» **What the task requires**: Return the records below exactly; pictures stay out.

<<<<

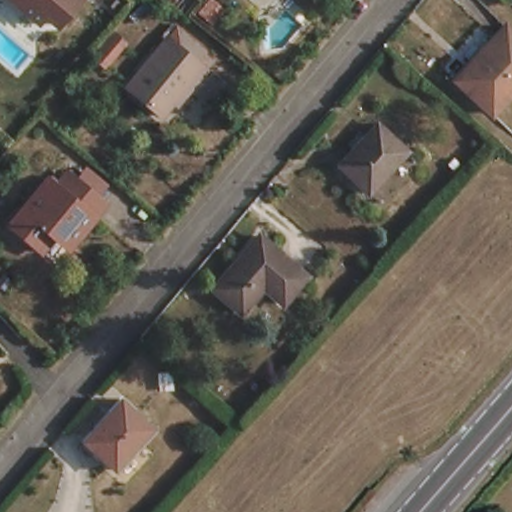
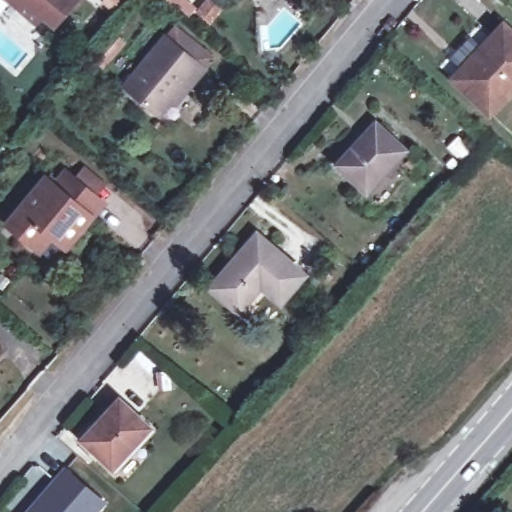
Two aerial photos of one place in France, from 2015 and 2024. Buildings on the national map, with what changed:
unchanged [(52,21),(40,12),(34,19),(19,6),(11,0),(69,0),(52,21)]
unchanged [(501,23),(512,33),(512,86),(491,110),(455,75),(501,23)]
unchanged [(87,53),(110,29),(125,42),(102,67),(87,53)]
unchanged [(192,81),(187,78),(157,114),(124,85),(167,37),(177,46),(185,36),(200,49),(192,59),(202,68),(192,81)]
unchanged [(375,122),(402,148),(366,189),(337,163),(375,122)]
unchanged [(80,247),(66,235),(50,254),(17,228),(55,183),(65,191),(75,178),(84,184),(94,171),(113,188),(104,201),(112,208),(80,247)]
unchanged [(282,301),(262,285),(242,310),(214,285),(258,236),(304,276),(282,301)]
unchanged [(124,388),(156,416),(107,469),(77,441),(124,388)]
new [(108,500),(99,512),(24,512),(64,465),(108,500)]

>>>>

» **Answer section**:
Two aerial photos of one place in France, from 2015 and 2024. Buildings on the national map, with what changed:
unchanged [(52,21),(40,12),(34,19),(19,6),(11,0),(69,0),(52,21)]
unchanged [(501,23),(512,33),(512,86),(491,110),(455,75),(501,23)]
unchanged [(87,53),(110,29),(125,42),(102,67),(87,53)]
unchanged [(192,81),(187,78),(157,114),(124,85),(167,37),(177,46),(185,36),(200,49),(192,59),(202,68),(192,81)]
unchanged [(375,122),(402,148),(366,189),(337,163),(375,122)]
unchanged [(80,247),(66,235),(50,254),(17,228),(55,183),(65,191),(75,178),(84,184),(94,171),(113,188),(104,201),(112,208),(80,247)]
unchanged [(282,301),(262,285),(242,310),(214,285),(258,236),(304,276),(282,301)]
unchanged [(124,388),(156,416),(107,469),(77,441),(124,388)]
new [(108,500),(99,512),(24,512),(64,465),(108,500)]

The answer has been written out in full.